SALAD DAYS? Why the outburst of love for these rusting relics? For starters, of course, they're cheap. For $700, a German youth can afford one as a first car. Also, Trabis are so simple that just about anyone can handle repairs. The design changed little in 30 years, so even the last Trabants, circa 1991, have no sophisticated electronics, power steering, or power brakes to worry about.

Then too, Trabis stir deep-seated emotions, awakening in some east Germans a longing for life before the wall came tumbling down. Freedoms were few, but jobs were plentiful. Now, every fourth east German is on the dole. "It's a small, melancholy look back at the good things about the past," says Karsten R. Luckemeyer, a 33-year-old musician who was leaning on the bright-yellow Trabi he has transformed into a convertible.

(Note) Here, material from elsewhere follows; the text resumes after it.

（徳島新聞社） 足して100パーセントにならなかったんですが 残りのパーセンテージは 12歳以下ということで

As with any fad, this one has generated its own mini-economy. For casual participants like myself, there were numerous stands offering a wide selection of Trabi paraphernalia. They sold T-shirts bearing the car's logo, as well as hats, hand-painted silk neckties, model cars, and even Trabi Deluxe beer. I settled on a T-shirt with a 1960s advertising picture of a Trabant and the caption: "Trabant--a small car with a big future." A bargain at $16.

Serious shoppers could choose among everything from spoilers and stereos to complete, customized cars. Dirk Bohn, a dark-haired 23-year-old from Berlin, stood hopefully beside his hot-pink convertible Trabi with a plastic banana dangling from the rearview mirror. Asking price: $4,600. On the other side of the hall, I found Ulf Teich, a 22-year-old electrician and mechanic from outside Dresden, who offered customizing services. To show his handiwork, he displayed a baby-blue two-door sedan with aluminum wheels and electric windows. In place of the backseat was a seven-speaker, 800-watt sound system.

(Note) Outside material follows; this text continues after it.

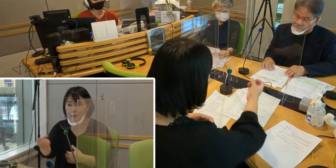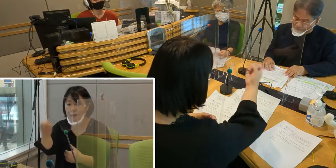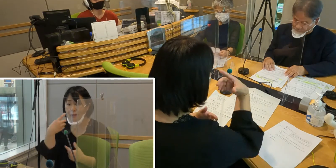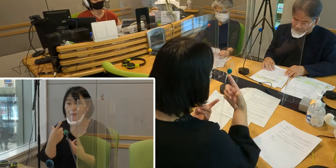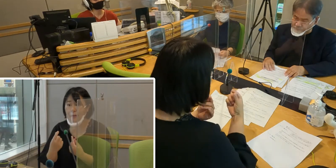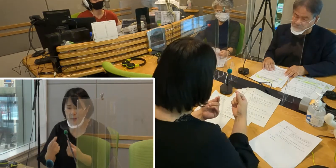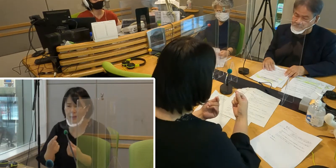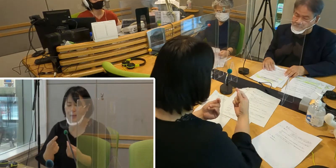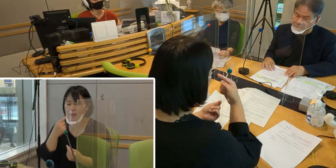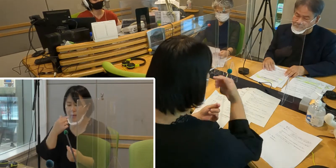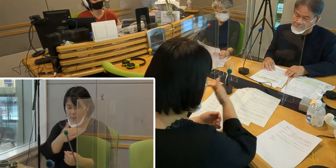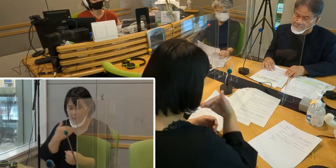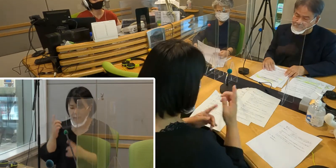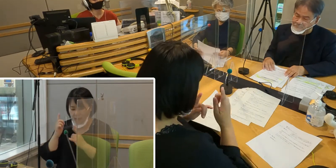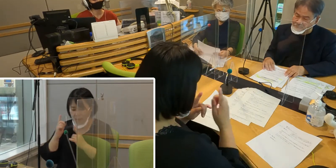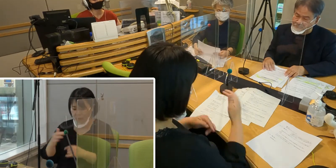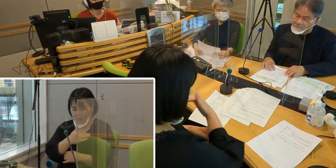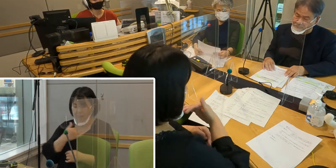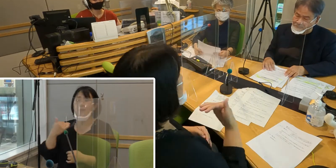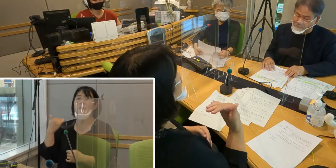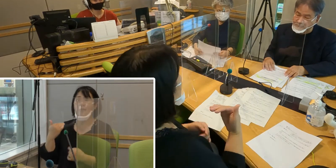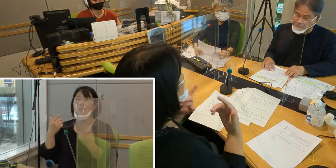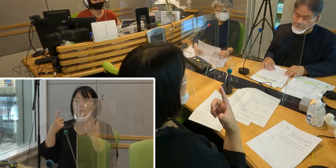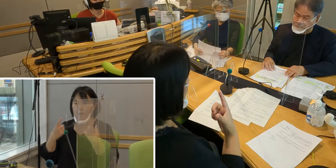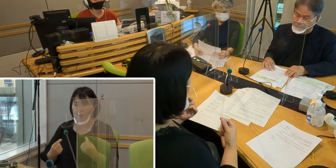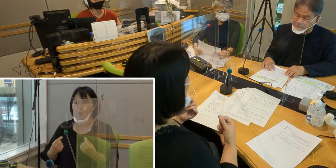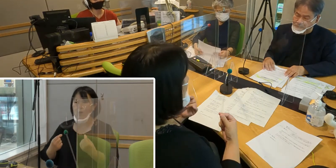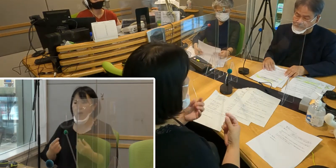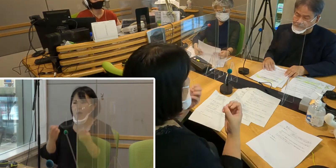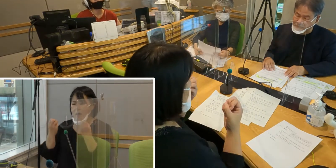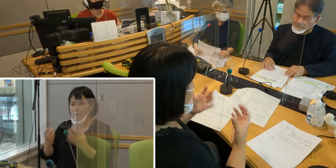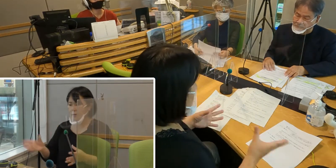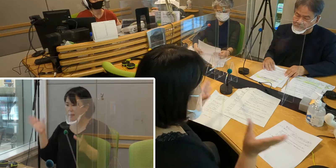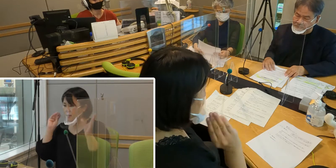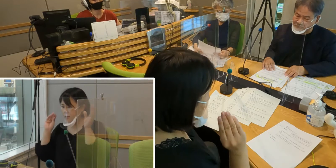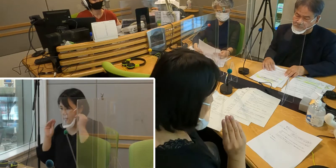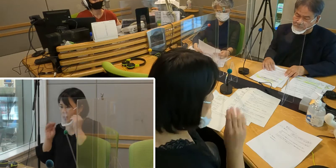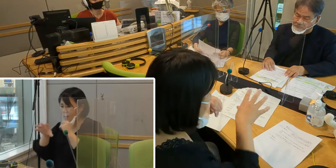私たちにとっても、 普段から新しい情報を手に入れるためには

LADA FUN. East Germany's communist leaders had something much more sober in mind when they hatched the Trabant in the 1950s. It was to be a mainstream family car, big enough for two adults and two kids. The first one rolled off the line in 1957, and more than 3 million followed during the next 34 years. Perched high off the road on skinny wheels, the Trabi was powered by a two-cylinder, two-cycle, 26-hp engine of prewar design. It made a funny, high-pitched sound when accelerating, like a big chain saw revving underwater. Top speed: about 69 mph.


Of course, some of today's owners gleefully hop them up. A recent issue of Super Trabi featured a police picture of a Trabi nabbed going 94 mph in a 60-mph zone. Since 1993, a series of races in Germany, Poland, and Luxembourg has been held for the Trabant-Lada Cup. (Lada is a Russian-built econobox of Fiat heritage.) The sport is cheap fun: Race-prepping the cars costs as little as $6,500, and operating costs for one season run $13,000.

Seven years ago, hardly anyone imagined that the Trabi would soon turn into a cult object, least of all those who dumped them for $35. But then, few expected the Berlin Wall to fall, either.